Dunga e os rituais da Antropologia

Dunga e os rituais da Antropologia

Um dos pilares da antropologia é a observação dos rituais, o conjunto de gestos, palavras e formalidades que possuem um alto valor simbólico. Usualmente, os ritos reiteram as condutas, muitas vezes chanceladas pela religião, e reforçam costumes e tradições, dando um sentido palpável à vida social.

Vejam a passagem, fora de rota, da Seleção Brasileira por Brasília. Esta semana, os comandados de Dunga saíram de Curitiba e foram à capital federal para a bênção do presidente, antes de embarcar para a África do Sul. Um antropológico passe telegrafado para a torcida brasileira. Simbolicamente, como se fosse um organismo do governo federal, a Seleção subiu a rampa do Planalto na celebração do batismo verde e amarelo e foi ungida como filha dileta do poder instituído.
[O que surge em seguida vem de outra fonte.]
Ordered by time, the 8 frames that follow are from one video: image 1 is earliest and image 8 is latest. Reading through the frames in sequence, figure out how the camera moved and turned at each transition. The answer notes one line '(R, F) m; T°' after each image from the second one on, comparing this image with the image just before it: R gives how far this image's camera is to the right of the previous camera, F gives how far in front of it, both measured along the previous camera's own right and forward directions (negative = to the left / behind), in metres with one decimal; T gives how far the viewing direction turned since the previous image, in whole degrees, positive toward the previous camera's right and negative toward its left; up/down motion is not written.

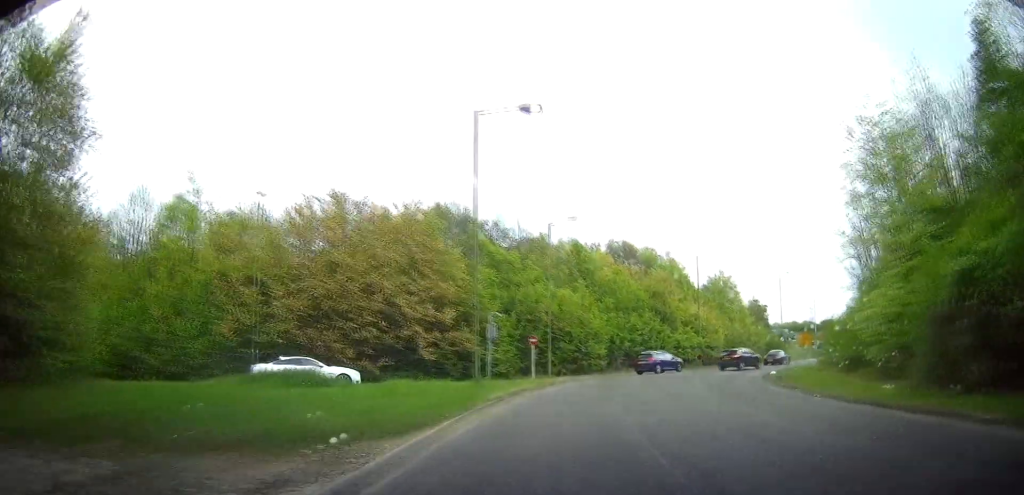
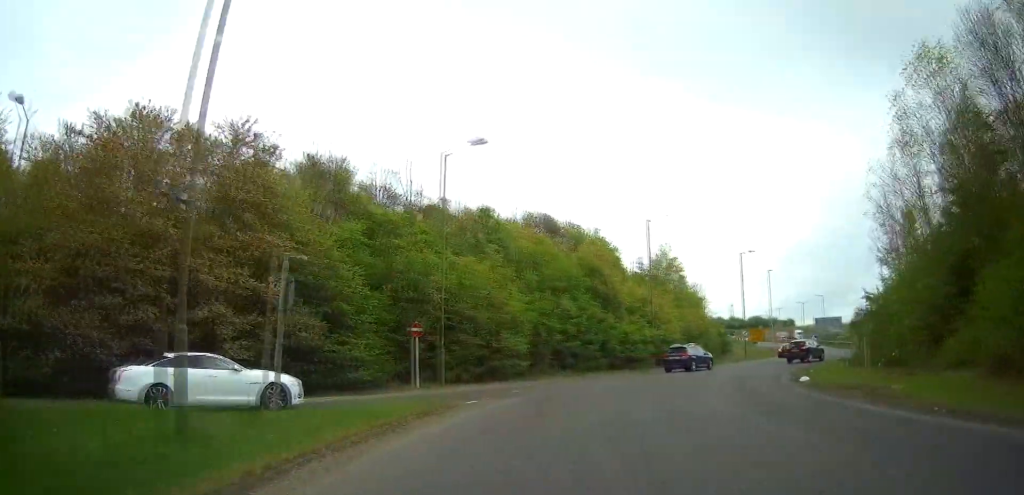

Quem duvida de que a primeira paixão nacional tem estreita ligação com o poder deve olhar a história recente do país. Em 1969, o general Médici quis escalar a Seleção, situação que o insubmisso João Saldanha não aceitou e que o benevolente Zagalo engoliu de bom grado. Em 1994, a Seleção Brasileira voltou cheia de muamba dos Estados Unidos. Na alfândega, tomados pela típica empáfia da elite que se coloca acima da lei, os canarinhos piaram alto com os fiscais: campeões do mundo não precisam pagar impostos e podem contrabandear à vontade.

O ritual tem ainda o poder de sacramentar a passagem de situações sociais. Pelo bárbaro frenesi que a população brasileira será tomada daqui para frente, Dunga assumirá, simbolicamente, a presidência do Brasil. Nos próximos 40 dias de sua interinidade, as decisões do técnico da Seleção terão mais peso, mais espaço na mídia e mais interesse do que as deliberações do presidente sobre a economia ou a política. Saber quem jogará na lateral esquerda será mais importante do que a variação da Selic ou a cotação do dólar.

Na medida em que ganham espaços exagerados na mídia, os eventos e as situações ritualizadas produzem distorções e estereótipos. Os rituais e seus personagens materializam as ideologias. Se tivesse nascido no século XIX, Dunga seria um positivista que encheria de orgulho Augusto Comte. Como nasceu na segunda metade do século XX, seguiu intuitivamente os passos dos líderes positivistas gaúchos Júlio de Castilhos e Borges de Medeiros. Se pudesse escolher um dos sete anões para personificar, Dunga seria o Zangado, mas o cidadão Carlos Bledorn Verri é um positivista refinado internacionalmente, ligado ao campo técnico, prático, aplicado e disciplinado. Conservador e turrão, enquanto esteve em campo foi adepto do jogo duro por resultados, filosofia que trouxe para sua experiência de treinador.

No manual do positivismo gaúcho que Dunga conheceu por osmose está escrito que a única fonte de conhecimento é a experiência comprovada dos fatos. Por isso, só chamou jogadores testados e aprovados. Nesse campo em que o empirismo se assemelha ao positivismo, a metafísica não tem vez com Dunga, muito menos a quimera do futebol arte. A filosofia do treinador está reduzida à metodologia e à comprovação sistemática dos treinamentos e dos resultados. Não há tempo e nem espaço para dar uma chance ao improviso das apostas de Ganso e de Neymar. Contudo, o positivismo do técnico só pode ser criticado pelo viés ideológico. Dentro das quatro linhas, não há nada que impeça a filosofia dos resultados de conquistar a tão sonhada Copa do Mundo. “Positivistamente”, a história já comprovou que Dunga pode ser um vencedor.